Выбрать главу

Абсолютизировать эту оговорку (или «проговорку») и считать ее прямым намеком вряд ли стоит — Деникин неоднократно упоминал старые чины своих противников, и на тех же страницах мы видим «полковника Каменева», «генерала Егорьева», «полковника Егорова», — но противопоставление двух командующих мощными войсковыми группами (В. И. Шорин тоже был кадровым офицером, полковником) все-таки невольно привлекает внимание к генералу Селивачеву.

В. И. Селивачев должен по праву быть отнесен к числу лучших боевых генералов Российской Императорской Армии. «Замечательный человек и выдающийся военачальник»; «умный, строгий взгляд его карих глаз, живость характера, горячая преданность военному делу, настоящий «feu sacre» («священный огонь») и большая требовательность к своим подчиненным делали его выдающимся военным учителем», — вспоминал младший соратник Селивачева{146}. Отличившись еще на Японской войне, на Мировой он заслужил Орден Святого Георгия IV-й степени и Георгиевское Оружие, в летних боях 1917 года одержал одну из немногих побед той несчастливой «революционной» кампании (в «битве у Зборова»), а накануне так называемого «выступления генерала Корнилова» был среди тех, кто поддерживал «корниловскую программу» (установление сильной государственной власти, милитаризация военной промышленности и железных дорог, решительная борьба против большевиков). «Прямой, храбрый и честный солдат, который был в большой немилости у комитетов», — характеризует его Деникин в «Очерках Русской Смуты»{147}, — и неудивительно, что, не сыграв какой-либо действенной роли в «корниловские дни» августа 1917-го, генерал Селивачев был все же арестован солдатней за отправку телеграммы о моральной поддержке Корнилова{148}. «Вины» за ним не нашла тогда даже революционная власть, и Селивачева вскоре выпустили на свободу, но Антон Иванович — один из самых активных «корниловцев» — должен был сохранить уважение к своему товарищу по заключению.
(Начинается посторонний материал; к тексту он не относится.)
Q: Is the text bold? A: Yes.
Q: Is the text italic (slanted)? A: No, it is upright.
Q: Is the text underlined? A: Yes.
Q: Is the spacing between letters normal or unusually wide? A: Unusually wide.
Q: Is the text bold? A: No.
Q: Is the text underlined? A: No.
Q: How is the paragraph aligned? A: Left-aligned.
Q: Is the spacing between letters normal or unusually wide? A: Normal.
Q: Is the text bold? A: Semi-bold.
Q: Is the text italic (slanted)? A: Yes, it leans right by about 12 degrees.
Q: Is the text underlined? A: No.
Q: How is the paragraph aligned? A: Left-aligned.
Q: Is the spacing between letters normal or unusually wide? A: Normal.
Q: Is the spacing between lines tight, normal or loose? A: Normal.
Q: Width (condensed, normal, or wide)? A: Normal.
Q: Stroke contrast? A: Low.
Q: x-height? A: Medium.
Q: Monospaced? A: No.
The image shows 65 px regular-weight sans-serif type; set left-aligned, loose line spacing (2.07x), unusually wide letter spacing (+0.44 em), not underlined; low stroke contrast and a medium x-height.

В Красную Армию Селивачев поступил достаточно поздно — в декабре 1918 года, первоначально занимая относительно «мирную» должность в «Комиссии по исследованию и использованию опыта войны 1914–1918 годов» (прибежище для «буржуазных специалистов», не желавших участвовать в Гражданской войне), но в августе 1919-го был назначен помощником Командующего Южным фронтом и получил под начало группу войск из девяти стрелковых дивизий, одной кавалерийской бригады и сил Воронежского укрепленного района общей численностью, по советским данным, свыше 54 000 штыков и шашек при 268 орудиях и 1381 пулемете{149} (как видим, сведения Деникина преуменьшают ее силу); даже советская историография признает, что группа Селивачева превосходила противостоящие ей войска по численности штыков и шашек — в 1,8 раза, орудий — в 3,9 раза, пулеметов — в 6,6 раза{150}.
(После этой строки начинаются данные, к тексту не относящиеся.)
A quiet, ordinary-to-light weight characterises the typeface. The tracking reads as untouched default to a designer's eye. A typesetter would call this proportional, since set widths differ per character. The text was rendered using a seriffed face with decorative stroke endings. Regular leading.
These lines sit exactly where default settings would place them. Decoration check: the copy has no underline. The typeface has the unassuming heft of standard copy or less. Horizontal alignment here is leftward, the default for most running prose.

Красные имели все предпосылки к тому, чтобы смять ударную группировку Добровольческой Армии, и вклинились в ее расположение (говорить о «прорыве фронта» применительно к Гражданской войне все-таки довольно трудно), но… «группа В. И. Селивачева стала уклоняться на юго-запад, что привело к нарушению взаимодействия с Особой группой В. И. Шорина и создало опасность нанесения противником ударов по открытым флангам обеих групп»{151} («военный обзор», опубликованный в одном из южных журналов осенью 1919 года, говорил об этих действиях Селивачева: «По всем данным, ближайшей целью этой группы [красных] был захват Харькова, причем по совершенно неизвестным причинам их наступление стало развиваться на Волчанск и Белгород»{152}; ср. в «Исповеди»: «Еще недавно, не более недели тому назад, операция прорыва белого фронта началась так блестяще, и острый, точно режущий клин, прочерченный на большой стратегической карте, висевшей в оперативном отделении, впивался все глубже и глубже к югу, в расположение белых. Только полсотни верст отделяло победоносные красные полки от важного южного центра, когда командарм неожиданно для своего штаба свернул армию на запад»; «армия, производя перемену направления, сама открыла белым свои сообщения и тыл, по которому ударили белые бронепоезда и кубанская конница. Роли переменились, будто по сигналу: N-ая красная армия повернула на север и в паническом бегстве искала спасения»; «синие стрелки, изображавшие направления колонн белых — прямые, острые, — словно разрывали паутину фронта, выпрямляли опустившийся было к югу клин и вонзались глубоко в расположение красных», — с выводом: «Операция окончательно и безнадежно погублена»{153}).